● WHAT TO WORK ON:
Make a verbatim copy of the entries below; pictures stay out.

● SOURCE INFORMATION:
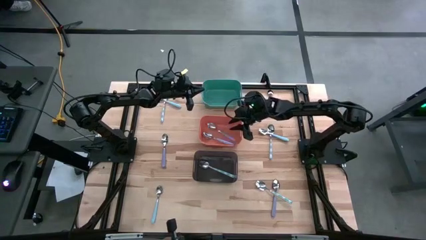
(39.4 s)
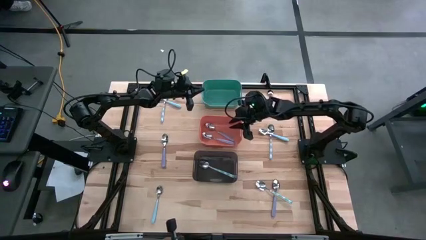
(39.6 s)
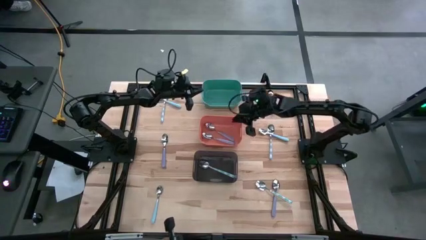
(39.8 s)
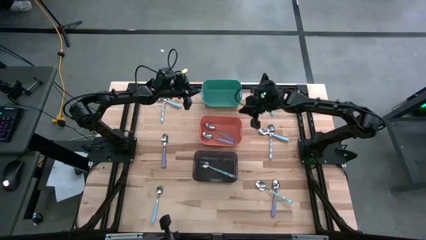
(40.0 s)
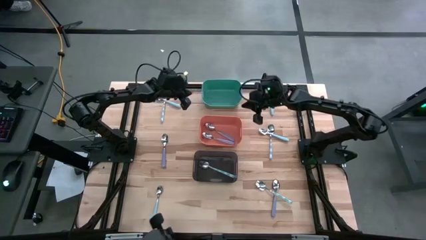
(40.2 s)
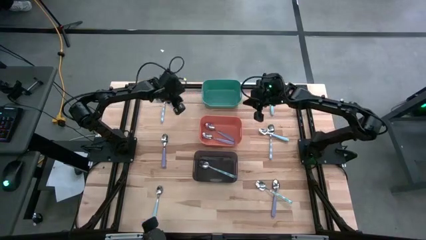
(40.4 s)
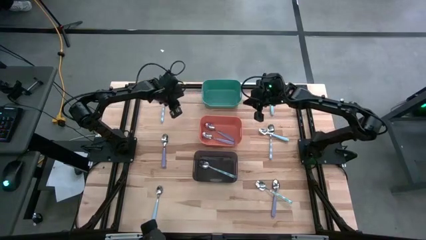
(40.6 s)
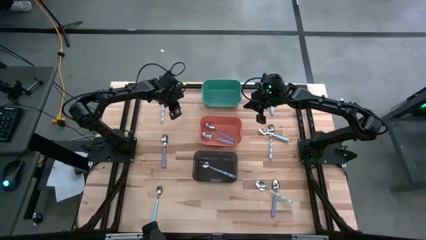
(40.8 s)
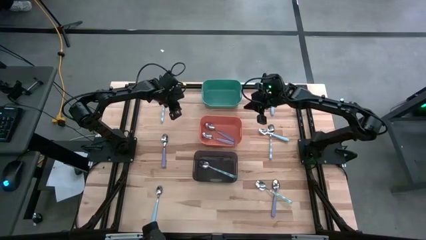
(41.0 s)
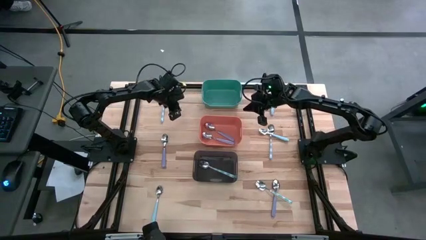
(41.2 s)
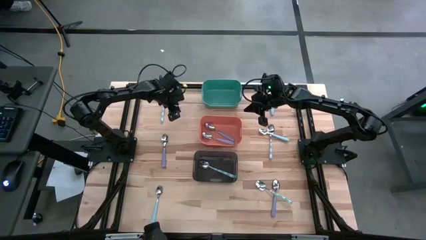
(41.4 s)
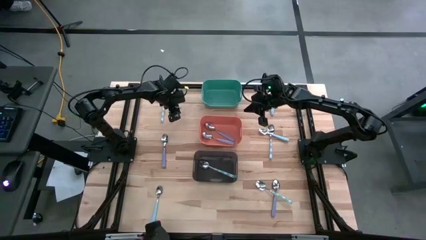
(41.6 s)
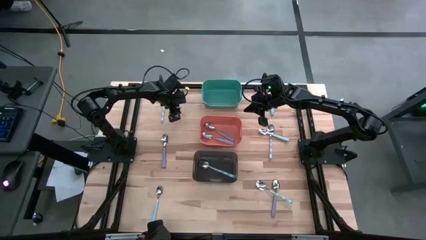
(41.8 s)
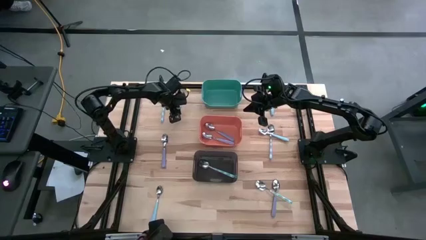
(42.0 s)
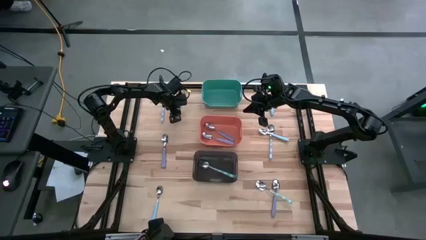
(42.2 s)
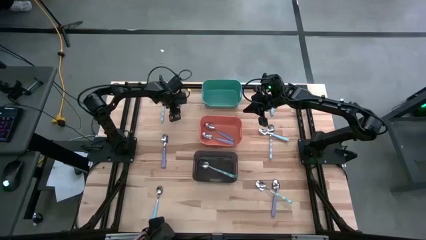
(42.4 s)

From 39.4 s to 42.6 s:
Task: Sort silverware by color (type)
Put the top left blue spoon into the blue bin

● COMPLETED EXERCISE:
(39.4 s)
(39.6 s)
(39.8 s)
(40.0 s)
(40.2 s)
(40.4 s)
(40.6 s)
(40.8 s)
(41.0 s)
(41.2 s)
(41.4 s)
(41.6 s)
(41.8 s)
(42.0 s)
(42.2 s)
(42.4 s)

From 39.4 s to 42.6 s:
Task: Sort silverware by color (type)
Put the top left blue spoon into the blue bin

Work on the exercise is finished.